So we didn't mess up, but that doesn't fully explain why for loops are faster. According to this thread on Stack Exchange, a for loop can outcompete apply here because for loops use the vectorized indexes of a matrix, while apply converts each row into a vector, performs the calculations, and then has to convert the results back into an output. 

[For those of you who are really into the technical details, lapply is an exception and is actually faster than for loops because more of its calculations are brought down into the language C and performed there.]

2. If for loops are generally faster, why bother with apply?
The figures in this post have shown that apply is usually a bit slower than for loops. But does a difference of 0.01 seconds, or even 0.1 seconds, matter? If you're performing an evolutionary simulation on huge populations for thousands of generations, and you're doing this multiple times with different model parameters... then sure, maybe those 0.1 seconds add up. But the clarity in reading apply commands is far more important, I would argue. If you're sharing your code with a collaborator, or writing code you might read again in the future, you want to be as clear as possible. Concise code is better than a sprawling mess.

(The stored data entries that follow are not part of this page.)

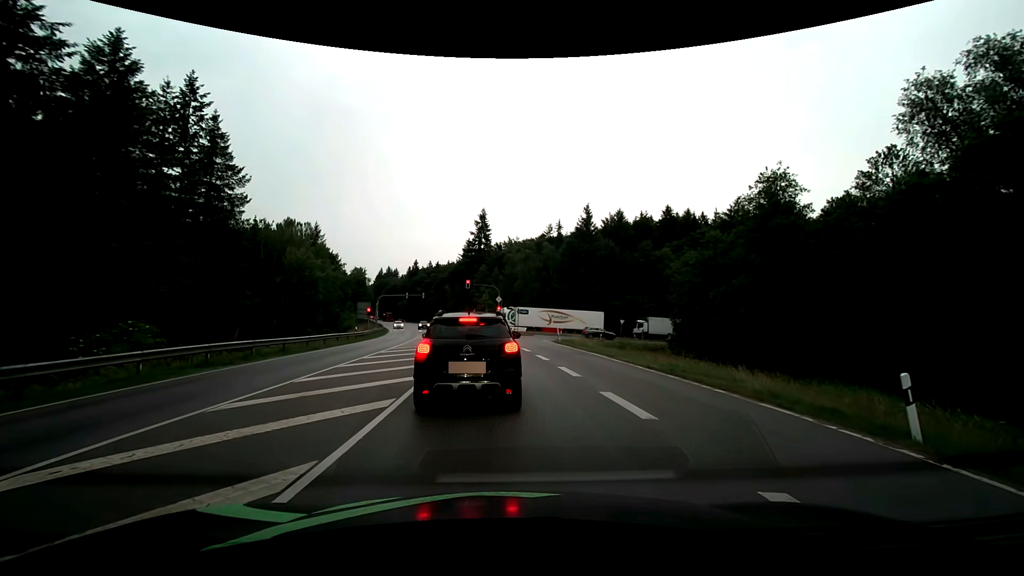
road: secondary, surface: asphalt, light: Day
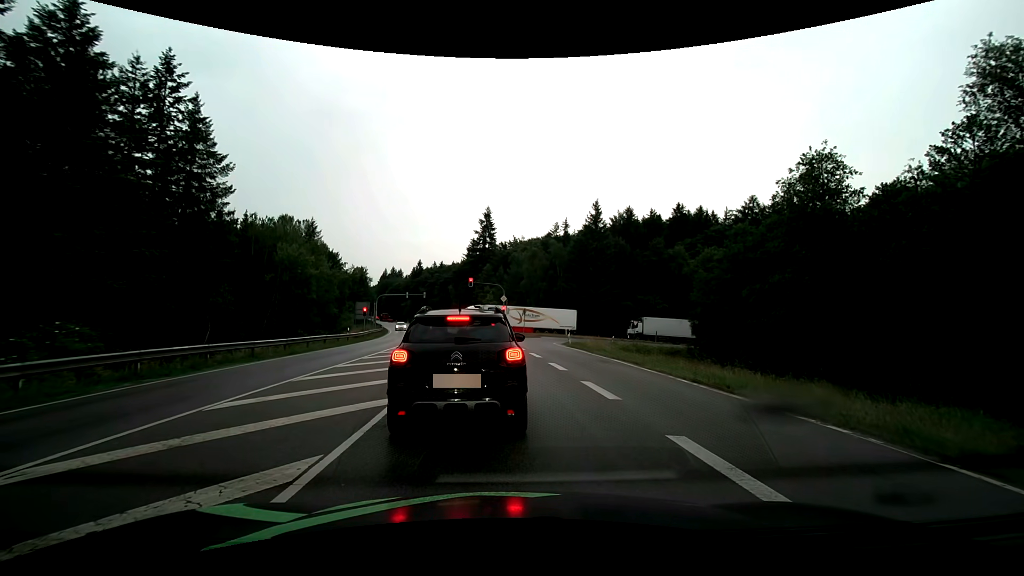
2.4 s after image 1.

Thanks for reading. If you have any suggestions for a fun R project, shoot me an e-mail.


Code for this post
[Note: I'm just including the code for the complicated calculation. For the simple calculation, replace mean(head(sort(data[, k]))) with mean(data[,k]) in the nested for loop.]

# Before we start
  replicates <- 10                                 # Higher numbers take longer but decrease noise

  n.rows <- seq(2, 1000, by = 10)  # The range in matrix sizes

  loop.times <- matrix(NA, nrow = replicates, ncol = length(n.rows))
  apply.times <- matrix(NA, nrow = replicates, ncol = length(n.rows))

# Run the analysis
for(i in 1:replicates){
   for(j in 1:length(n.rows)){
      data <- matrix(rnorm(1000 * n.rows[j]), ncol = 1000, nrow = n.rows[j])
      # Method 1: for loop
      start.time <- Sys.time()
      for(k in 1:ncol(data)){
        mean(head(sort(data[, k])))
      loop.times[i, j] <- difftime(Sys.time(), start.time)

      # Method 2: apply
      start.time <- Sys.time()
      apply(data, 2, function(x){mean(head(sort(x)))})
      apply.times[i, j] <- difftime(Sys.time(), start.time)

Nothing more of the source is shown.